Exercise brief =>
Comb the records below for the string "shows" and copy each line where it turns up.

[Opening Data supplied section]

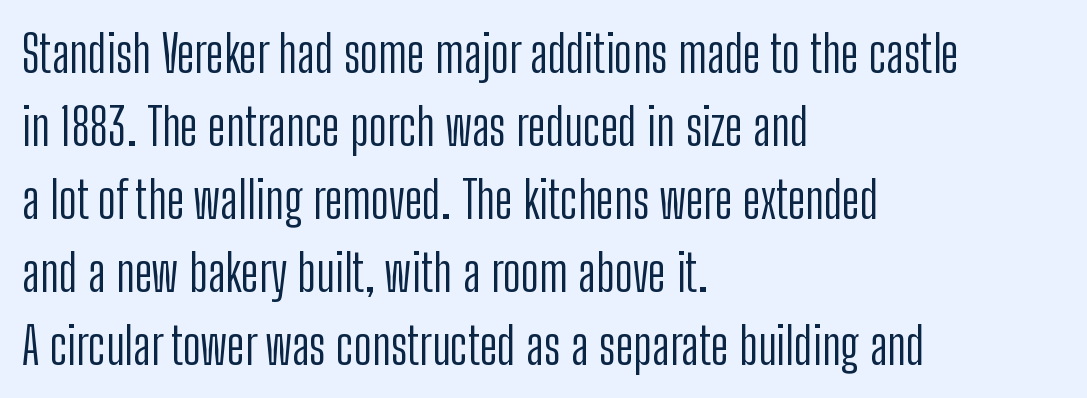
Q: Is the text bold? A: No.
Q: Is the text italic (slanted)? A: No, it is upright.
Q: Is the typeface a serif or a sans-serif typeface? A: Sans-serif.
Q: Is the text underlined? A: No.
Q: How is the paragraph aligned? A: Left-aligned.
Q: Is the spacing between letters normal or unusually wide? A: Normal.
Q: Is the spacing between lines tight, normal or loose? A: Normal.
Q: Width (condensed, normal, or wide)? A: Condensed.
Q: Stroke contrast? A: Low.
Q: x-height? A: Medium.
Q: Monospaced? A: No.
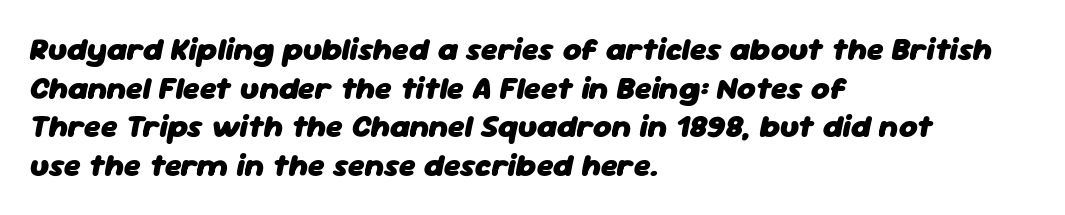
The image shows 32 px heavy type, italic (leaning right); set left-aligned, line spacing 1.21x, normal letter spacing, not underlined; low stroke contrast and a medium x-height.
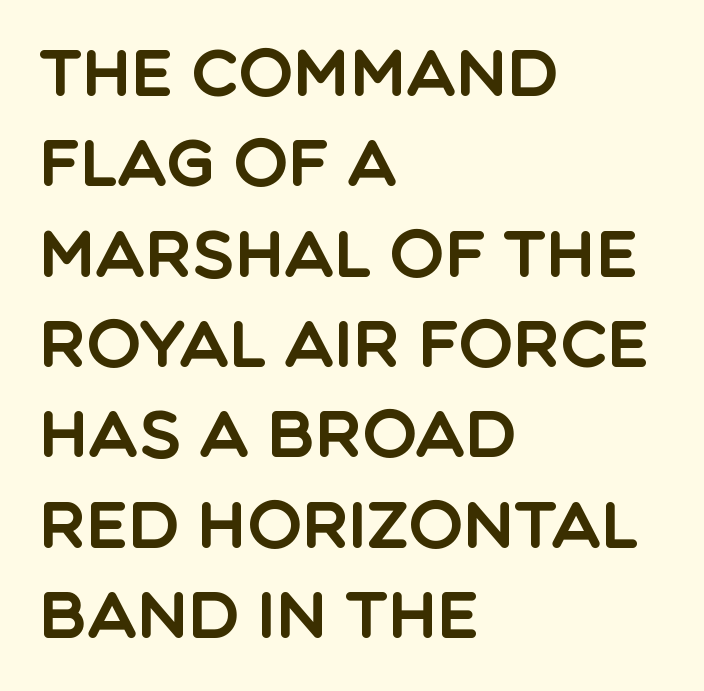
The image shows 65 px sans-serif type, upright; set left-aligned, normal line spacing (1.39x), normal letter spacing, not underlined; a large x-height.
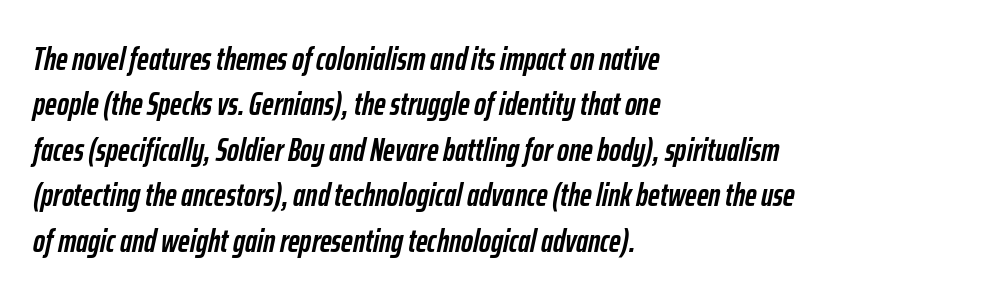
{"italic": "yes", "lean": "right", "slant_degrees": 12, "bold": "yes", "weight": "semibold", "width": "condensed", "stroke_contrast": "low", "x_height": "medium", "monospaced": "no", "underline": "no", "align": "left", "line_spacing": "normal", "line_spacing_ratio": 1.42, "letter_spacing": "normal", "letter_spacing_em": 0.0, "glyph_px": 32}

[Closing Data supplied section]

Solution to the problem =>
The image shows 32 px heavy type, italic (leaning right); set left-aligned, line spacing 1.21x, normal letter spacing, not underlined; low stroke contrast and a medium x-height.
The image shows 65 px sans-serif type, upright; set left-aligned, normal line spacing (1.39x), normal letter spacing, not underlined; a large x-height.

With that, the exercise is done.